(Beginning of MATERIAL PROVIDED)

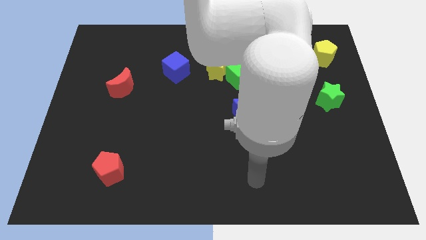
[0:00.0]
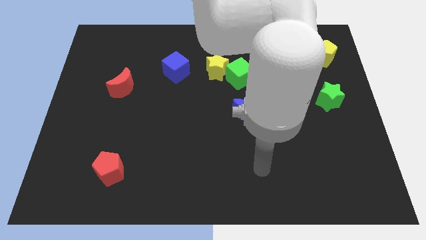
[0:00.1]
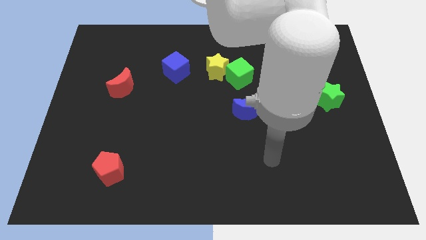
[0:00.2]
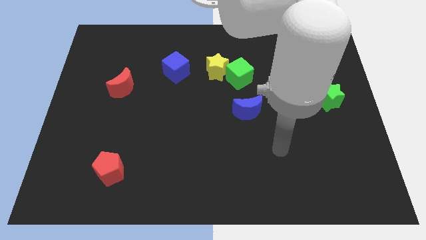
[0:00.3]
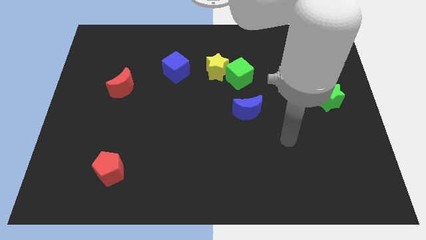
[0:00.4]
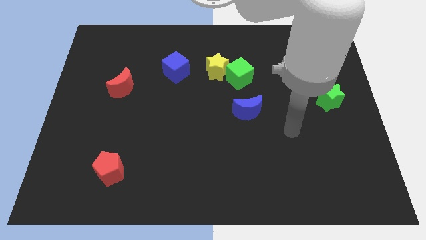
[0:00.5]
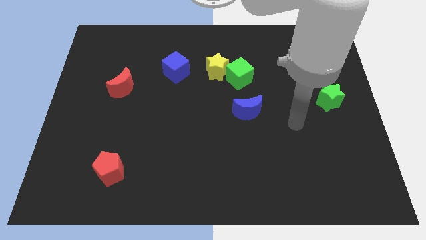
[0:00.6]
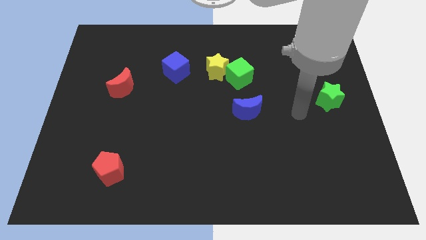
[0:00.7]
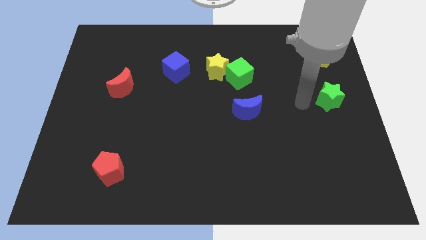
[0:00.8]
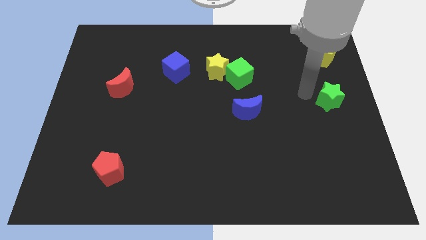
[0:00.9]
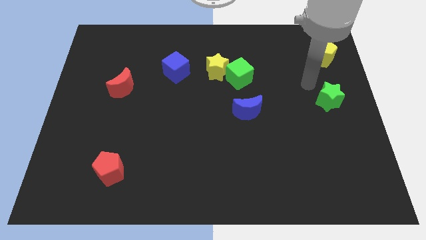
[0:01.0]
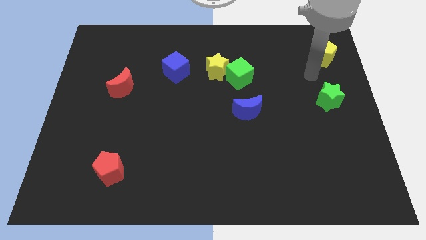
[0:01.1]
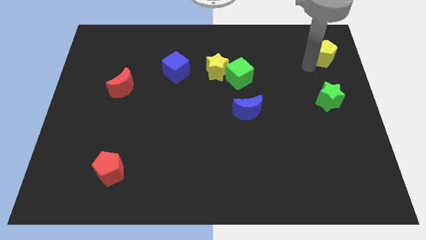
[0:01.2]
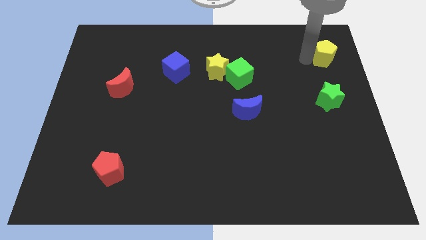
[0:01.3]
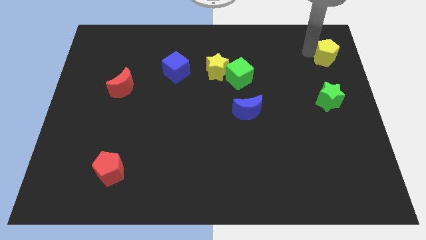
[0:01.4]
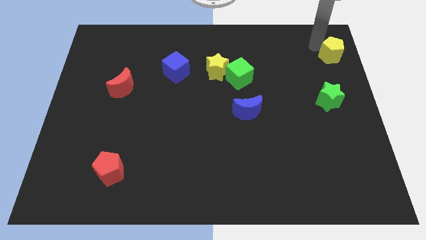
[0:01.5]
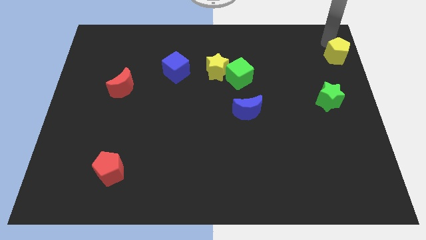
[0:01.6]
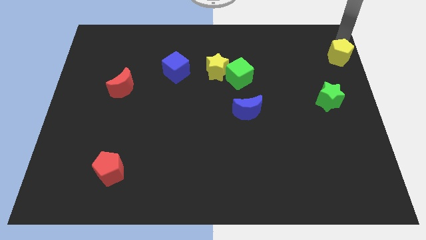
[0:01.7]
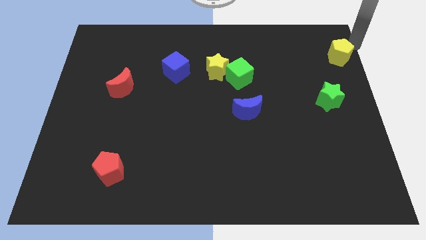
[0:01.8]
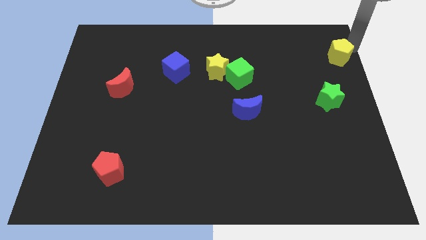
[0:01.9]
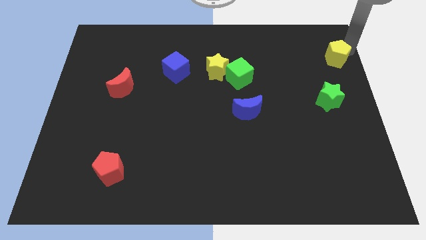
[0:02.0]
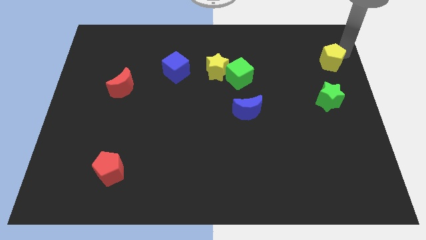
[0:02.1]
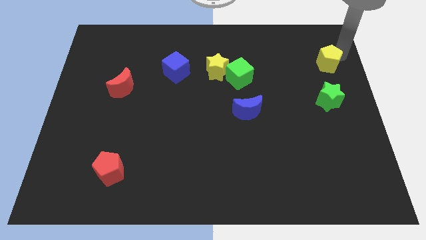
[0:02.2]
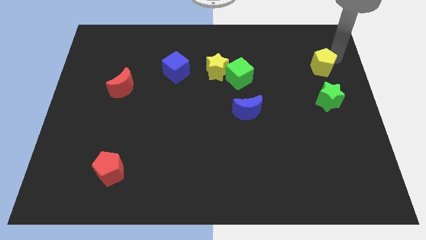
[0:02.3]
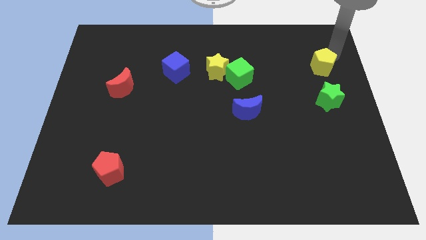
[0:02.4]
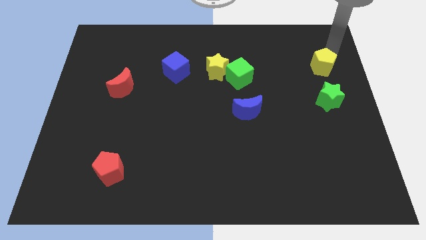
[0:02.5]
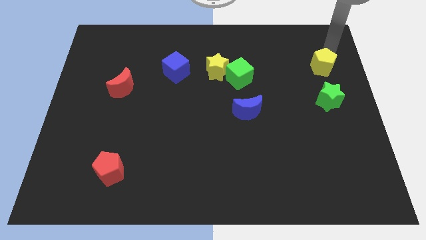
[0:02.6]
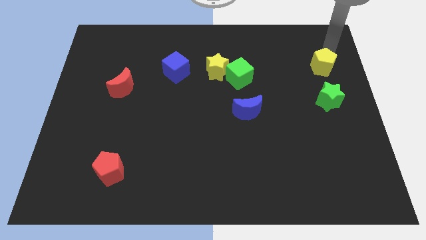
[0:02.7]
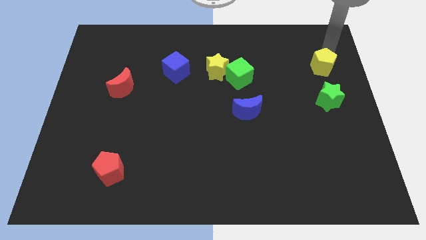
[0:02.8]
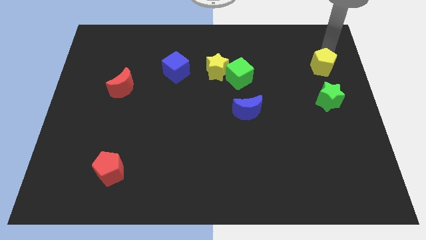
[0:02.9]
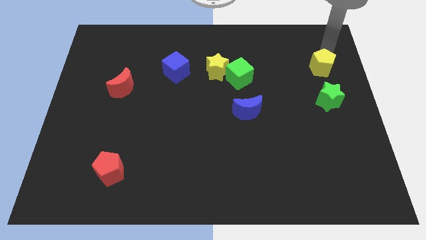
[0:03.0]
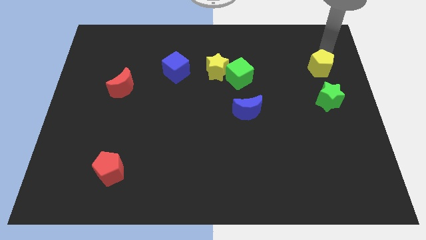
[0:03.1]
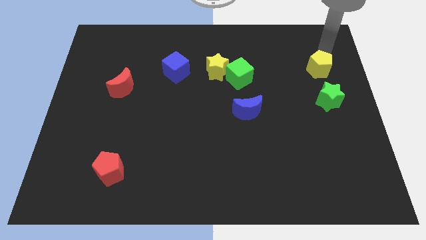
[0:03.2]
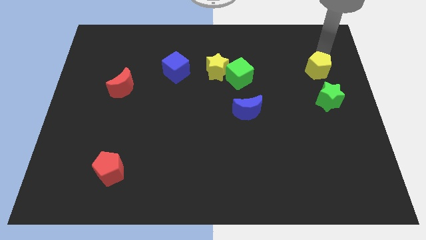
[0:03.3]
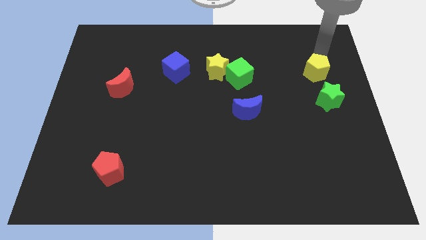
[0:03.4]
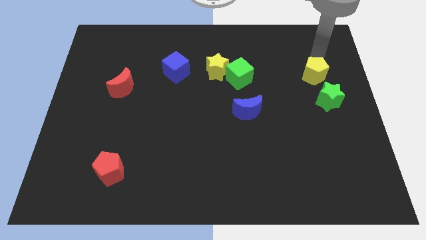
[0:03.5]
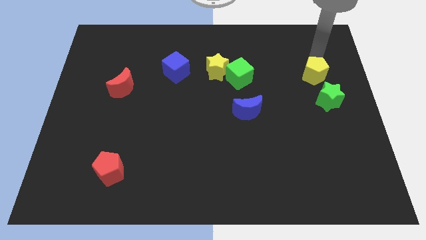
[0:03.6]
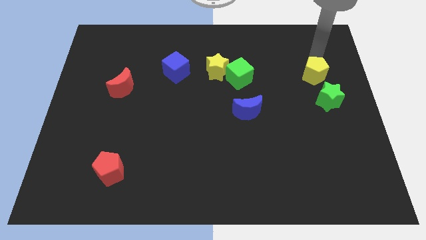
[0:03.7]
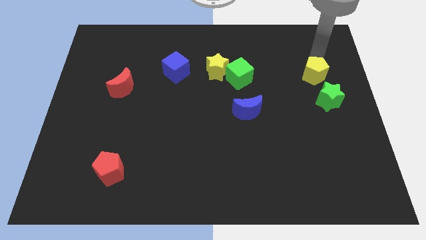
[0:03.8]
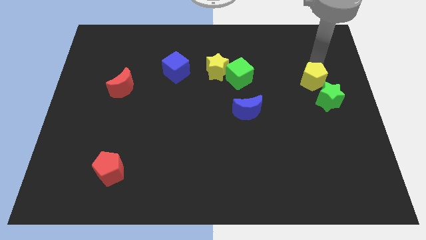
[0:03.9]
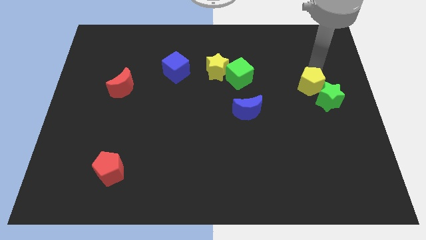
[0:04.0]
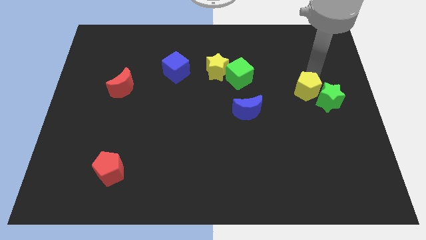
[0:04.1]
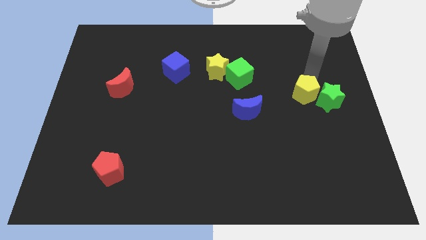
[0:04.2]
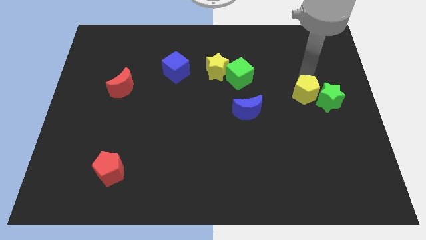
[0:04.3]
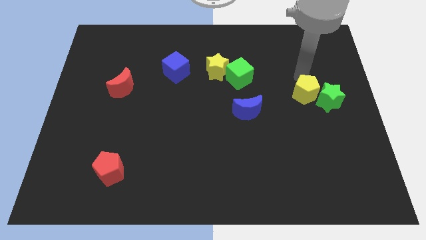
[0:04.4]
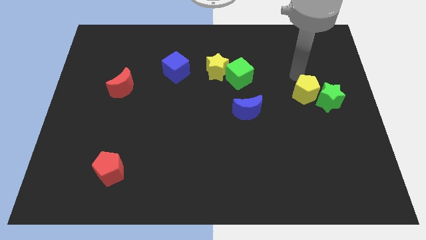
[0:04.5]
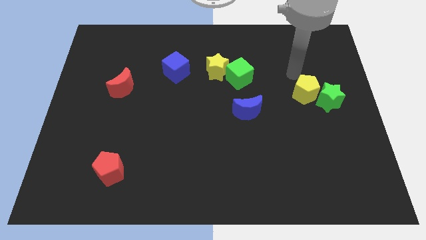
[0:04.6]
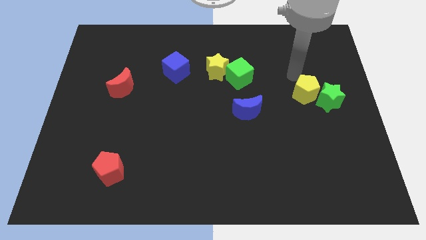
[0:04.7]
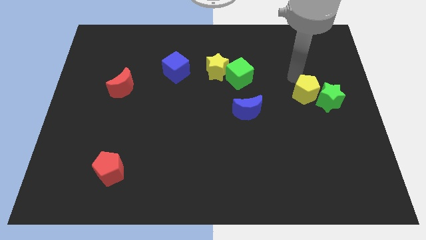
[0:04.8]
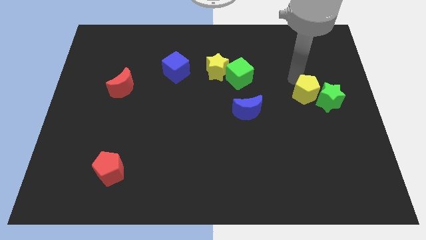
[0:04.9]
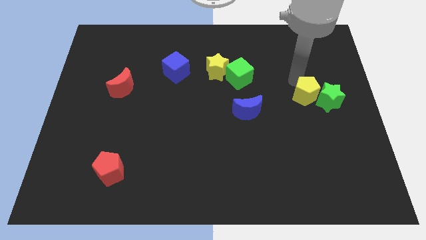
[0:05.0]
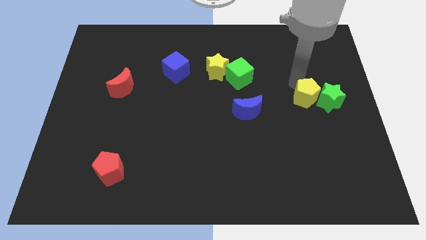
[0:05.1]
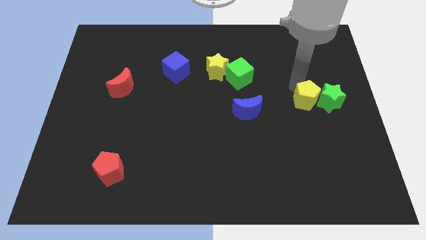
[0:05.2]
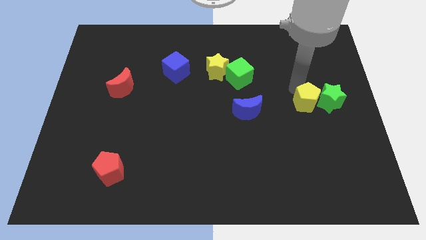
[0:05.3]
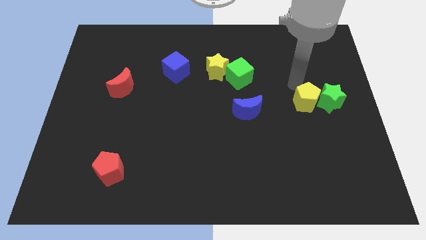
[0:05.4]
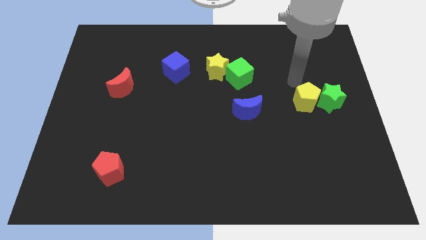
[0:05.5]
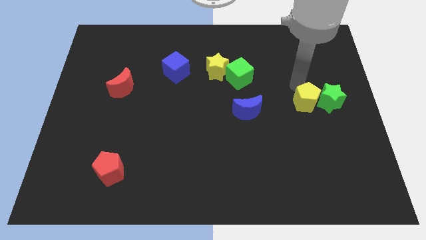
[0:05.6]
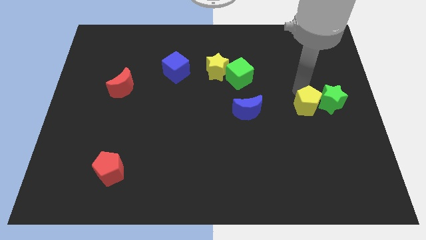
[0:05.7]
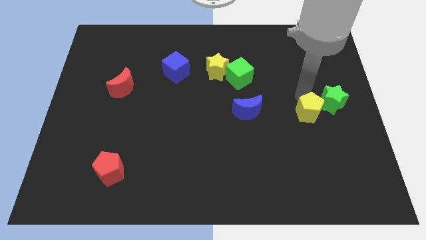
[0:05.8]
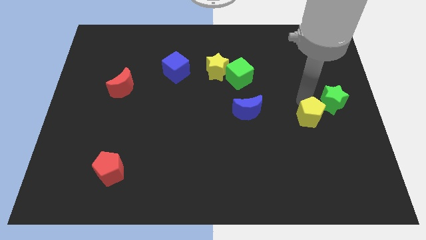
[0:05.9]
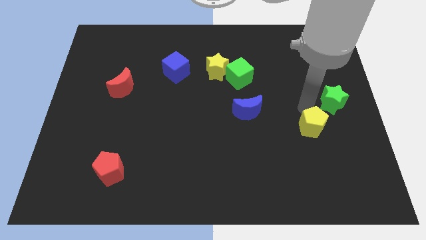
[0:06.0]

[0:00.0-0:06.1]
slide the yellow pentagon down

(End of MATERIAL PROVIDED)

Set down all of the entries exactly as they appear, but keep the images out.

ANSWER SECTION =>
[0:00.0]
[0:00.1]
[0:00.2]
[0:00.3]
[0:00.4]
[0:00.5]
[0:00.6]
[0:00.7]
[0:00.8]
[0:00.9]
[0:01.0]
[0:01.1]
[0:01.2]
[0:01.3]
[0:01.4]
[0:01.5]
[0:01.6]
[0:01.7]
[0:01.8]
[0:01.9]
[0:02.0]
[0:02.1]
[0:02.2]
[0:02.3]
[0:02.4]
[0:02.5]
[0:02.6]
[0:02.7]
[0:02.8]
[0:02.9]
[0:03.0]
[0:03.1]
[0:03.2]
[0:03.3]
[0:03.4]
[0:03.5]
[0:03.6]
[0:03.7]
[0:03.8]
[0:03.9]
[0:04.0]
[0:04.1]
[0:04.2]
[0:04.3]
[0:04.4]
[0:04.5]
[0:04.6]
[0:04.7]
[0:04.8]
[0:04.9]
[0:05.0]
[0:05.1]
[0:05.2]
[0:05.3]
[0:05.4]
[0:05.5]
[0:05.6]
[0:05.7]
[0:05.8]
[0:05.9]
[0:06.0]

[0:00.0-0:06.1]
slide the yellow pentagon down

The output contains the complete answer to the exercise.